Anthony John John Poole, FRBS, Hon. FRBSA, (born Handsworth, Birmingham, 17 December 1926 – died Bishampton, Worcestershire, 2 September 2009) was a British freelance sculptor and winner of 2 Otto Beit medals .

== Early life ==

Poole grew up in Hall Green, Birmingham, attending Hall Green Infants and Junior School, Stratford Road. At the age of 12 he gained a place at Moseley Road Junior School of Art, and went on to study Industrial Design at the Birmingham School of Art. At the age of 17, in the Studio of William Bloye, he learnt the art of letter carving in the style of Eric Gill. In December 1944, Poole was called up for service in the Coldstream Guards and the Parachute Regiment during World War II. As a lieutenant he served in France and in Germany as a liaison officer during the Nuremberg trials. He was subsequently recruited as an officer in the Parachute Regiment 7th (Light Infantry) Parachute Battalion, serving in Egypt and Palestine.

== Works ==

His first major commission was "The Sower", an heroic-size figure, carved out of Belgian granite in 1959, for Cannock Library in Staffordshire.

Thirty of his major commissions were in and around Birmingham, his most notable being "The Rotunda Relief" at Lloyds Bank (1963). A 1500 sqft ciment fondu mural for the Lloyds Banking Hall in the newly built Rotunda in Birmingham, which was subsequently Grade II listed by English Heritage.
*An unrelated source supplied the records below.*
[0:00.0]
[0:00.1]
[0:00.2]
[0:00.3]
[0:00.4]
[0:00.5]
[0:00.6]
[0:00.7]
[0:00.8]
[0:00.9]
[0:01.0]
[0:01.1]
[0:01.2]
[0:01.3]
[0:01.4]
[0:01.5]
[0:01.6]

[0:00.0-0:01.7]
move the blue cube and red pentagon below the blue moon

However, since that building was renovated, it has been hidden from view, with only a small part visible, on the top floor of a retail unit.
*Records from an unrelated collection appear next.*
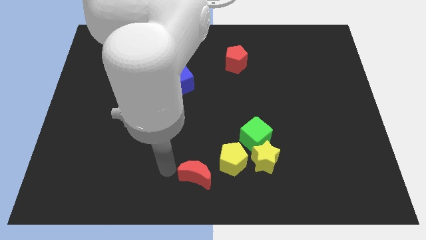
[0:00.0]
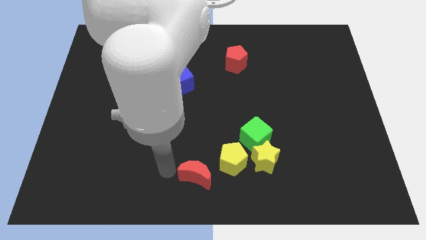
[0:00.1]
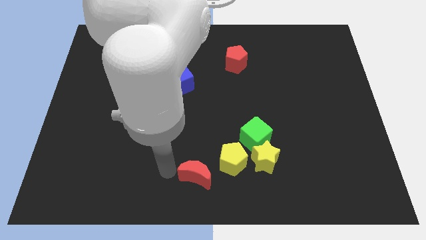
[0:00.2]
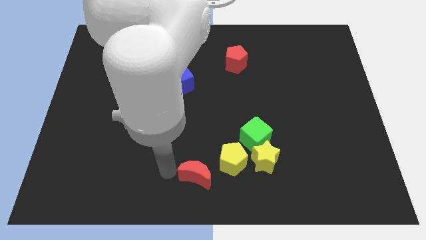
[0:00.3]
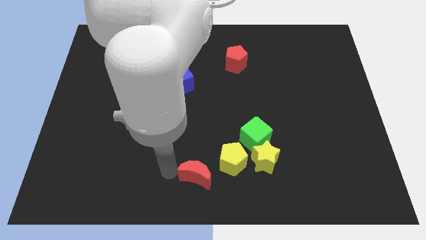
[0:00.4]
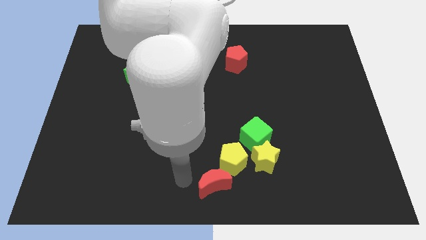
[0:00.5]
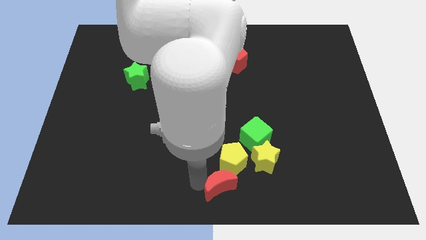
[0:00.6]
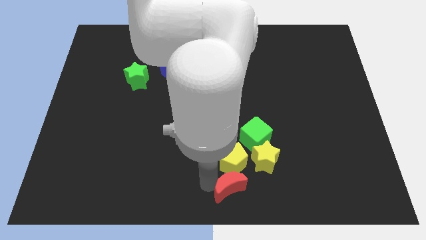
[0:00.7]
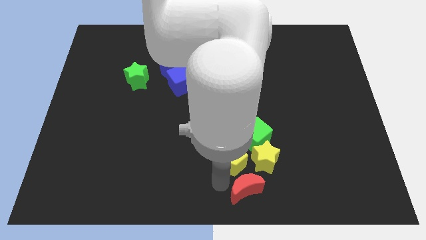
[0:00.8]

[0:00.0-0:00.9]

Birmingham Cathedral has a font and cover in bronze, as well as memorials to Ambrose Brown and Dr William Small of the Lunar Society, all by Poole.
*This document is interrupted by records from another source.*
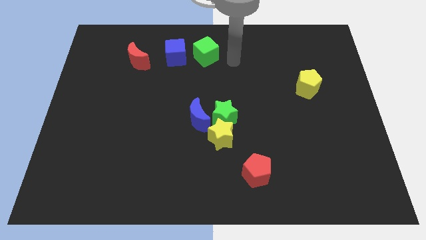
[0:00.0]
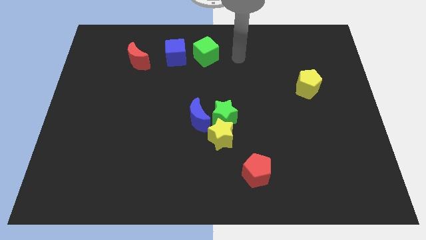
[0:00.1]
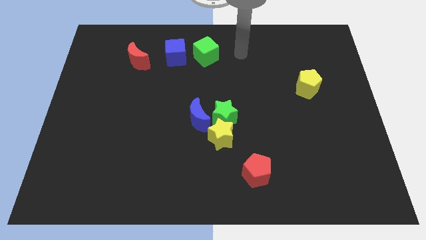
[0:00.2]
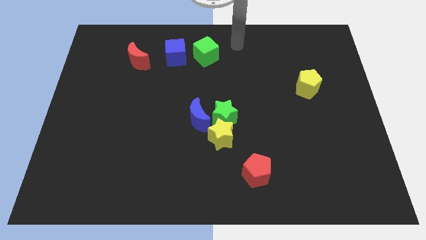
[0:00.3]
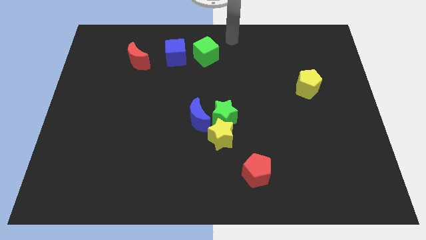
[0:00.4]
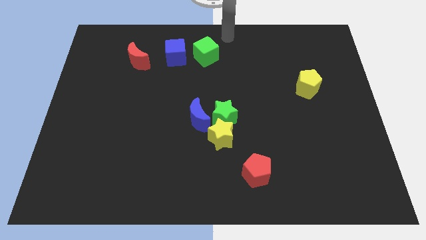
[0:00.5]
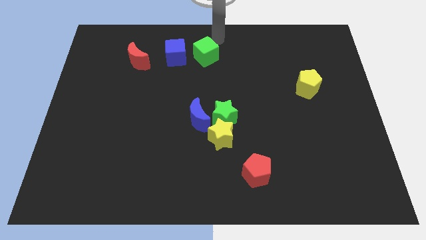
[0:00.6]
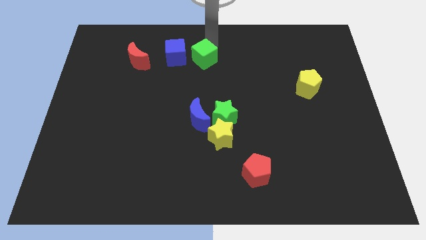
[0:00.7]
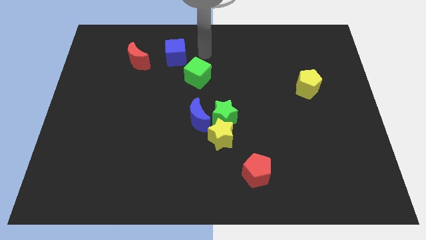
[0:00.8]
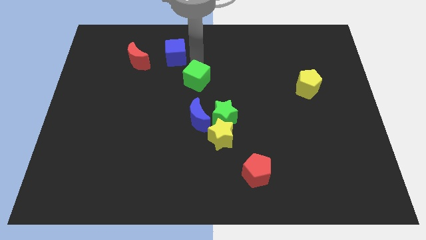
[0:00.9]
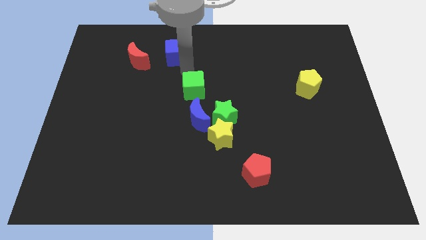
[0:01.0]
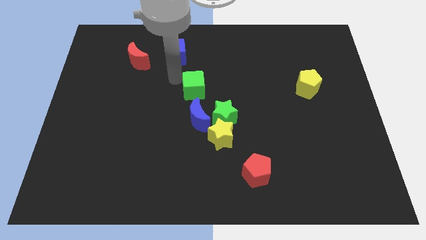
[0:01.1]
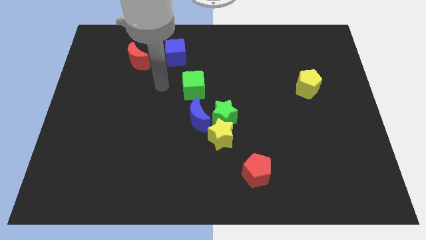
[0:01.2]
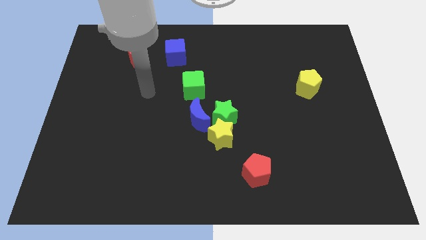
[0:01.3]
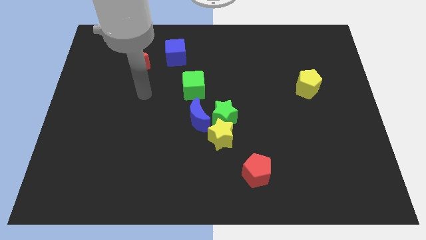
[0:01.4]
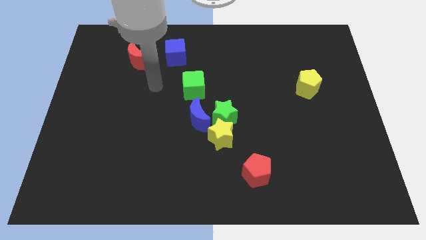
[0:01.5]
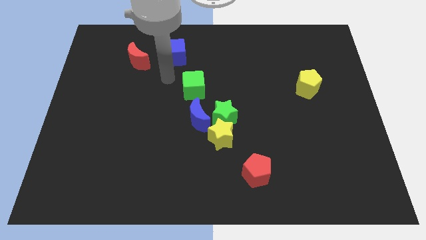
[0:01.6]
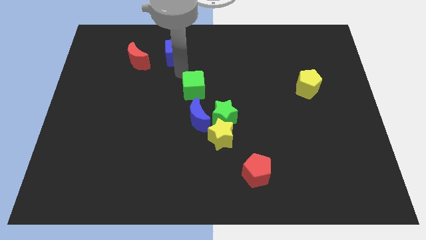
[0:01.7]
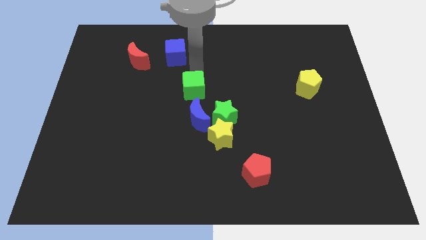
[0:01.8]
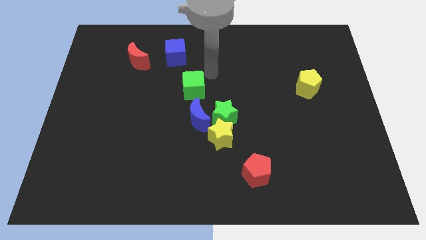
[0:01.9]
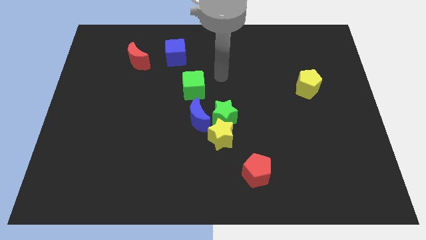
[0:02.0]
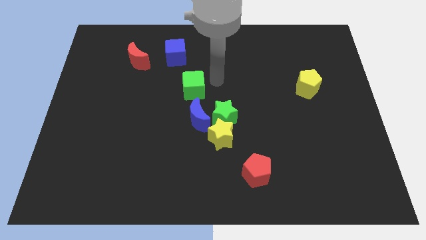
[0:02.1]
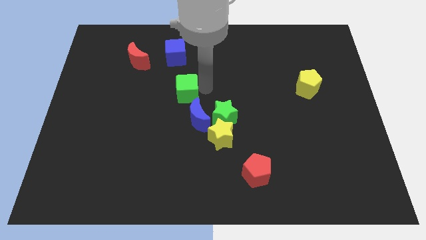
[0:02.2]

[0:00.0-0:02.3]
place the green cube above the blue crescent

He was associated with the Cadbury family, particularly Sir Adrian Cadbury and with the Church of St Francis of Assisi in Bournville, where his tympanum, "The Canticle to the Sun", font, aumbrey, sanctuary lights, and Cadbury memorials can be seen.

In 1969 he won the Otto Beit medal for Sculpture for his "Risen Christ" at St. Dunstan's Church, King's Heath and then again in 1974 for his "Last Supper" carving on the Altar and Ambo in St. Helen's Cathedral in Brentwood, Essex. He is the only sculptor to have received two Otto Beit medals.